Page 9 of Sacrificing Zoriah

“Fuck. I’m sorry. Did I hurt you?” Huxley asks.

“No. God, no. You’re okay. Don’t stop,” I groan.

“You feel… so fucking good,” he chokes out. He slowly fills me, and as he starts to fuck me, he turns the vibration up. I moan unexpectedly loud, and my body tightens around his cock. I shouldn’t like this. Neither of us wants this but he’s the only one I’d want to be forced to take me. I trust plenty of men, but it’s different with Huxley. He knows what it’s like to have something stolen from you through rape. He understands the helplessness.

“You’re torturing me,” I groan. “Please move faster.”

Huxley quickens his pace, and I moan. “Fuck, I’m going to hell for this,” Huxley mutters before shutting the toy off. He grabs hold of my thighs and slams into me, and his pace is immediately faster. He pulls an orgasm to the surface so fast that I nearly scream, but he is far from done. He has broken past the anxiety of potentially hurting me. I am nowhere near non-consenting. Maybe it’s fucked up, but I am choosing to find solace in sin.

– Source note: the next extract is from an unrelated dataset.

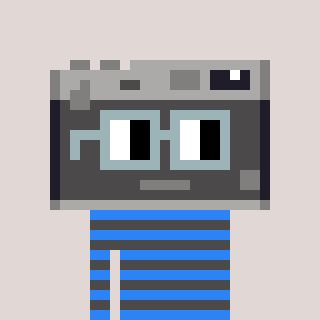
a pixel art character with square dark gray glasses, a camera-shaped head and a grayscale-colored body on a warm background
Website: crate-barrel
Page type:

“Oh God. Fuck, that’s good,” I moan. He lets his hands roam my body, and I can almost believe we are anywhere but here. There is a dread in the pit of my stomach reminding me that he will getkilled if he helps me escape. I desperately want out of here, but at what cost?

“Fuck,” he growls. Panic abruptly swarms my thoughts when we are reaching the edge. The realization that someone is coming in after him is suffocating. I know it’s not realistic to demand he get me out now. They know he isn’t willingly here, so he is having to build trust. This is the only way out: playing their game and waiting for the right moment.

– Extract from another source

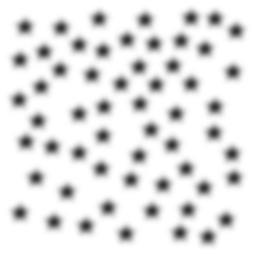
Squares: 0
Triangles: 0
Stars: 58
Total shapes: 58

“Focus on me. Nothing else, Zoriah,” he encourages. “Goddamn, you feel so good. Come with me, Riah.”

I groan deeply, and my eyes roll back when his final thrust shoves me off the edge and into something mind-blowing. Huxley stays inside of me and drops down to put his hands to either side of my body. We are both out of breath, but I am trying to not openly sob. I don’t want to think he did anything wrong, because he didn’t. This was a much-needed reprieve to keep me grounded in reality. What he and I did was not rape. I refuse to call it that, because that’s not what he did.

“Zoriah,” he says softly. “Please look at me.”

“How much time?” I whimper. “How much time until someone else comes in here and hurts me?”

“Twenty minutes,” he says. Huxley pulls out of me and gently kisses my belly before fixing his pants.

“I wanna go home,” I say tearfully. “Why did she have to do this? Why? I’ve been nothing but nice to her. I’ve supported everything she has ever done. Everything. Even when she fucked my boyfriends. Even when she stole from me. I was willing to support her going to this stupid fucking place, but she fucking sacrificed me instead.”

“Shhh,” Huxley says as he stands beside me and turns my face. I open my eyes, and he wipes tears from my cheek. “I swear on everything I am… I will get you out of here. I don’t care if I do it with my last dying breath, I will save you, Zoriah.”

“Is anyone going to brand me again?” I ask.

“No. They will keep you in here. Dad is coming in here next. Doug will show up every now and again,” he explains. “You absolutely need to just keep your mouth shut and do as they say. I know that is asking a lot when you are not in control of how you respond to trauma, but I have seen Doug whip women with a thin metal wire. I promise you, you do not want that.”

“That would cut me open,” I say.

“Yes, and he will dump alcohol on it after,” Huxley says bluntly. “No matter what they say or how they twist it, do not believe it. Assume everything is a lie, even when Doug is being nice. Okay?”

“Okay,” I whisper. “Thank you.”

“For what, Zoriah?”

“Everything,” I say. “I know it wasn’t ideal, but…”

“Rape is rape, babe. Just because I was forced to do it, doesn’t change what it was,” he says. “Corbin is going to kill me if Doug doesn’t.”

“Corbin will not kill you for keeping me safe,” I say. “How am I going to get out of here?”

“So… Dad will take you out of the restraints. I’ll sneak in here at some point and get you a knife,” he says. “I need for you to get really comfortable with the idea of killing someone, because if I can’t do it for you, that will be your only way out. There are several other women here set up like you. They will all be busy, so as soon as you get out of this room, you run. I don’t give a fuck what is happening; you get yourself somewhere safe.”

“I can go…”

“Don’t tell me,” he says. “Just get out and run like hell. Okay?”

“What if you don’t come back?” I ask quietly.

“If I don’t come back, then it’s because I got myself killed,” he says. “I will come back for you, Zoriah.”

“My boss will go to Corbin,” I tell him.

“Good,” he says before moving to stand at my head. He leans down and takes my head between his hands, and I laugh. “What?”